Problem investigated: The Grahamstown National Arts Festival is one of the most important arts festivals on the South African cultural calendar. Diverse entrepreneurs make use of the opportunities created by the festival. However, these entrepreneurs are heavily influenced by their cultural traits. This is because culture has an effect on the general decision making, standards, the behavioural patterns and ways of behaviour in SMMEs (small, medium and micro-enterprises). With the festival's significant annual growth and its economic value in mind, determining the role that culture plays on the individuals' motivation to embark on an entrepreneurial career is essential. How this influences the way they perceive their role at the festival is of vital importance to the festival marketers, organisers and even the South African Government (since it is largely responsible for creating a favourable entrepreneurial climate in the country).

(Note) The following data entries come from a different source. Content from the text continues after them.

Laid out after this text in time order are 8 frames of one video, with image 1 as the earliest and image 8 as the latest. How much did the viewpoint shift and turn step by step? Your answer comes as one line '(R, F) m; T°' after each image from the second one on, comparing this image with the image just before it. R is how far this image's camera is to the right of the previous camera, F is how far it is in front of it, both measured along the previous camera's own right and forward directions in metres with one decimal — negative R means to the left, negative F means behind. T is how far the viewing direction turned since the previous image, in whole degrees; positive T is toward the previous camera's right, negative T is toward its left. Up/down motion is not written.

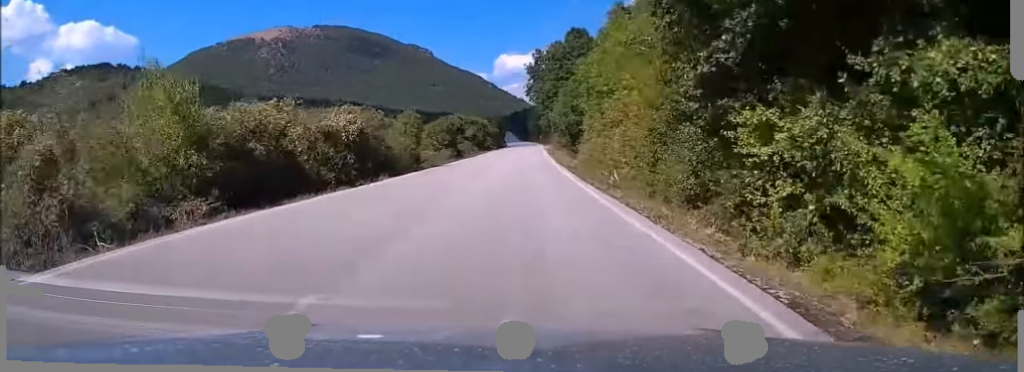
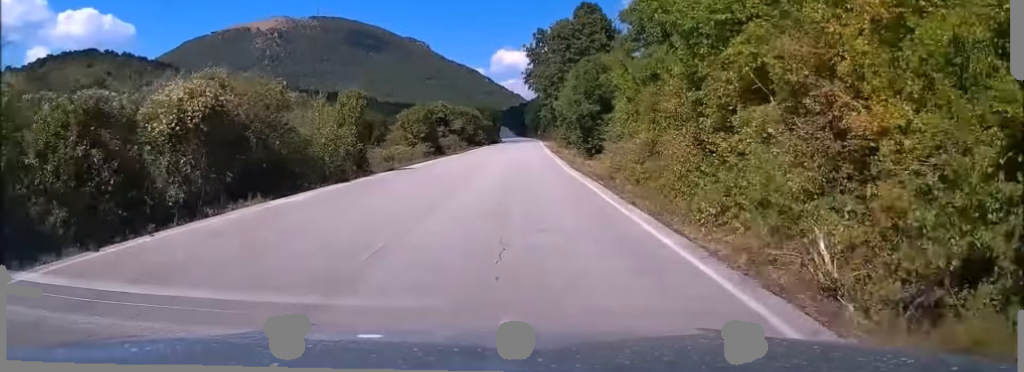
(+0.1, +14.6) m; 0°
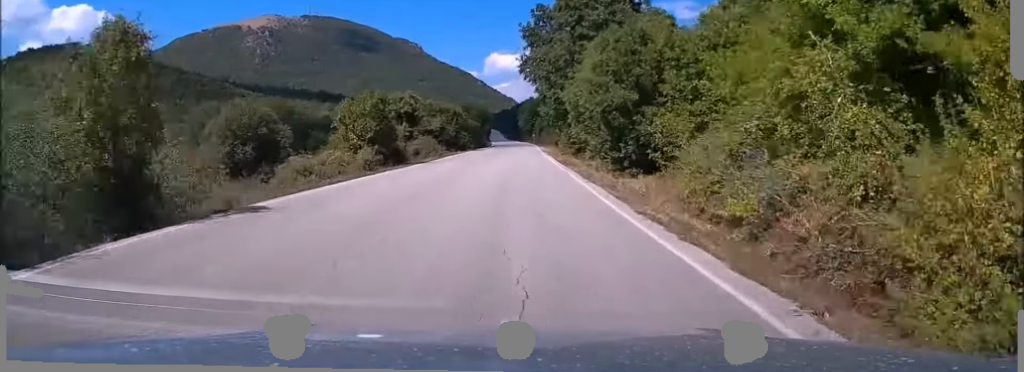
(-0.1, +17.7) m; 0°
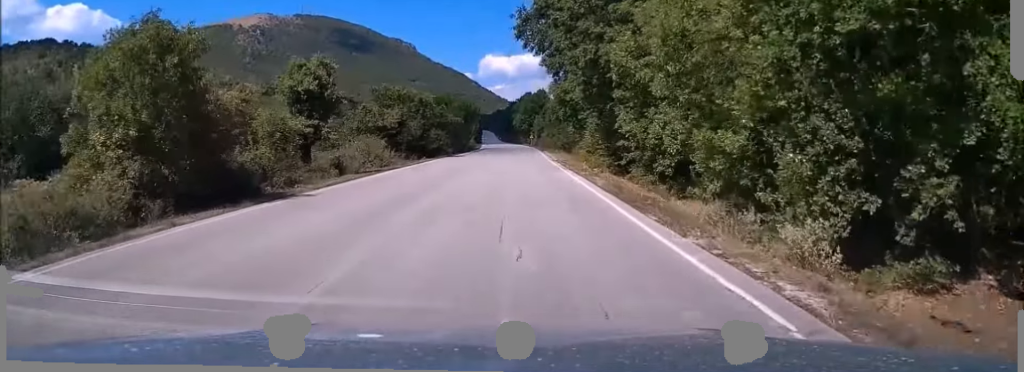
(+0.2, +24.8) m; +1°
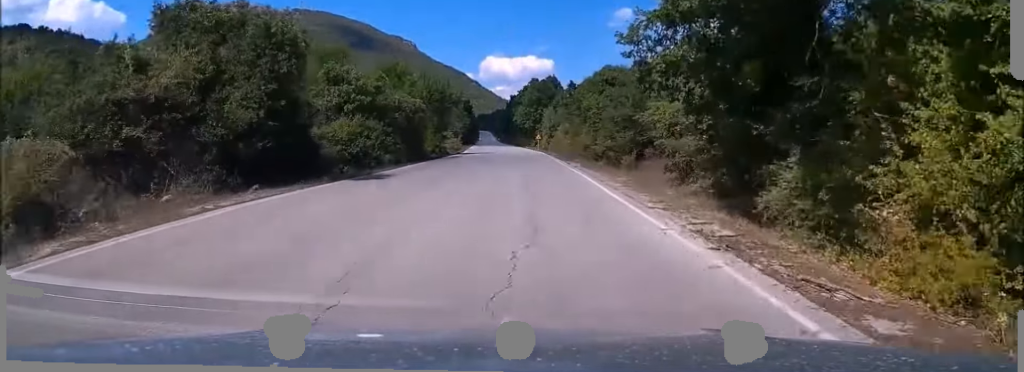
(+0.1, +33.7) m; +1°
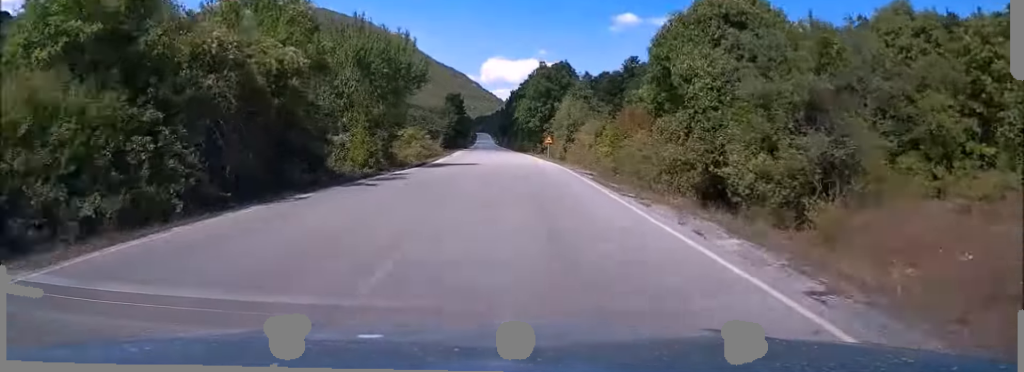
(+0.2, +24.8) m; 0°
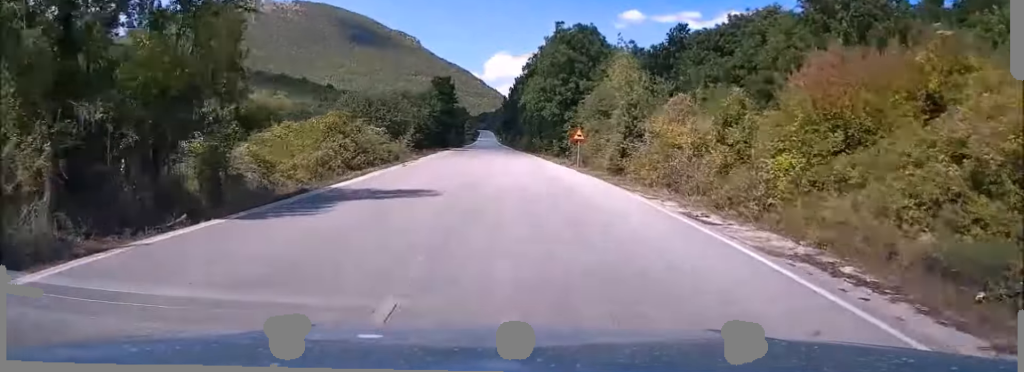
(0.0, +25.0) m; 0°
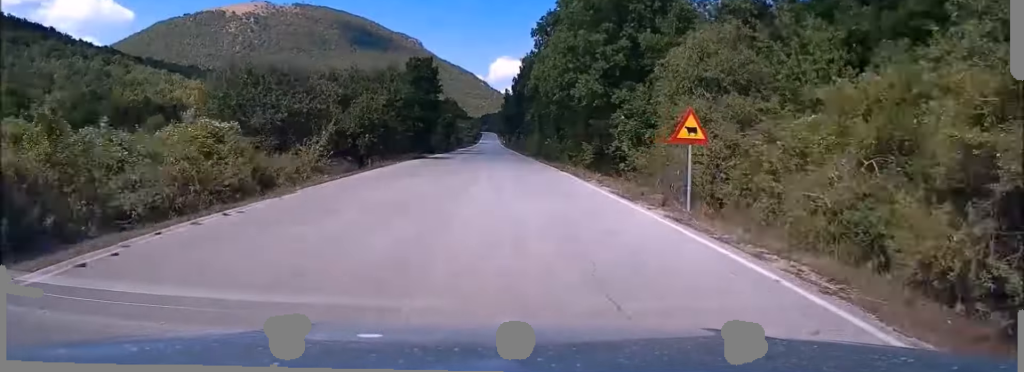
(-0.1, +22.0) m; 0°

Design and methodology: Within the study, a distinction was made between different cultural groups at the Grahamstown National Arts Festival: White entrepreneurs, Black entrepreneurs, Indian entrepreneurs and Coloured entrepreneurs. ANOVAs were used to determine whether there were differences between these cultures.

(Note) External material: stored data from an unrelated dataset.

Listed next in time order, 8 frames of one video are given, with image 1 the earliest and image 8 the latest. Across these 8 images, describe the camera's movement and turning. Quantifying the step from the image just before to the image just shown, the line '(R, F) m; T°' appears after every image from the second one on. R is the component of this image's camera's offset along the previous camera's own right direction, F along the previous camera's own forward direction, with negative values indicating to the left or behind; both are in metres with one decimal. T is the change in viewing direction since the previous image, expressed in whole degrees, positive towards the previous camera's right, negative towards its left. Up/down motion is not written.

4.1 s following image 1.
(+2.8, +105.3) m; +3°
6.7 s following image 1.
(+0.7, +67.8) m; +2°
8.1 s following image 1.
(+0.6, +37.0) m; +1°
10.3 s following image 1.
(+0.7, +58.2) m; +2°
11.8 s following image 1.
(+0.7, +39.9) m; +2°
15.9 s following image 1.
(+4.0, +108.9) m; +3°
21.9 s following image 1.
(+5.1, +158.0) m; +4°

Findings and/or implications: The results of the study showed statistically significant cultural differences between these groups based on their socio-demographic characteristics, entrepreneurial attributes, motivation to attend as well as their perceived role at the festival.

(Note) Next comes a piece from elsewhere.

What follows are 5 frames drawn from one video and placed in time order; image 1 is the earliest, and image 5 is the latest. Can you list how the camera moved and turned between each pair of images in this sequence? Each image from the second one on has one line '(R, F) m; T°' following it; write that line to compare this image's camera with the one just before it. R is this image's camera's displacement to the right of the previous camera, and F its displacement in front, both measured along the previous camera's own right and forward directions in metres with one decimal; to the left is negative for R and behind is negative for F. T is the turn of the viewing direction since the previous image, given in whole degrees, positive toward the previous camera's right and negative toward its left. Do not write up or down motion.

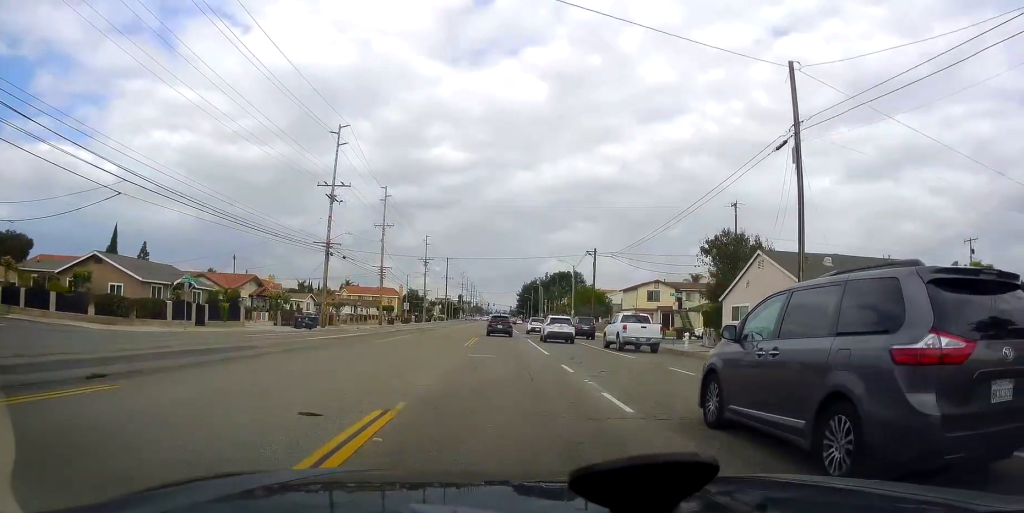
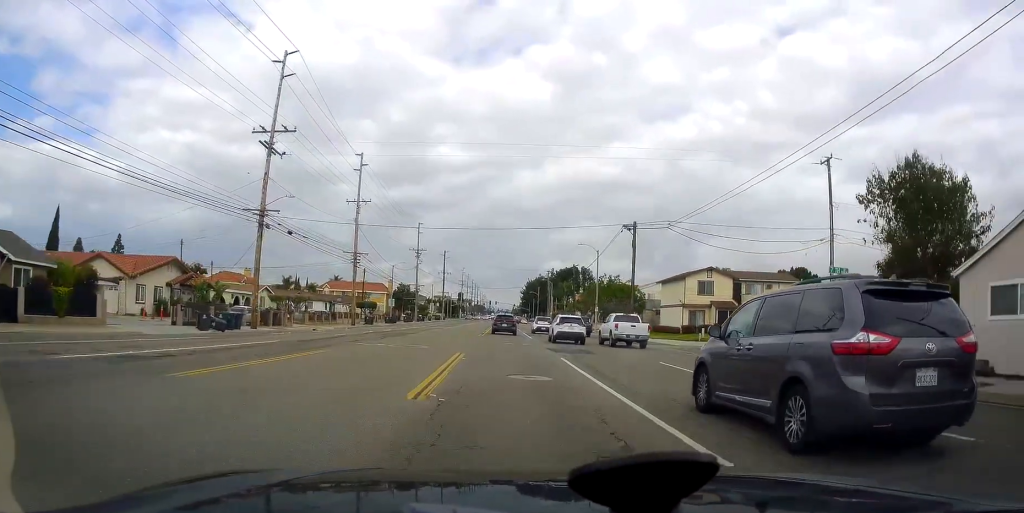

Originality and/or value of the research: This was the first time that research of this kind was conducted at a national arts festival in South Africa. The research has shown that by acknowledging and managing entrepreneurs' unique characteristics and traits represented by different cultural subgroups at the festival, a thriving entrepreneurial environment can be ensured.

Conclusion: With the aim of achieving a successful entrepreneurial environment, factors that promote cross cultural entrepreneurship need to be an integral facet of entrepreneur-directed education, training and management as this will develop a positive orientation to entrepreneurship.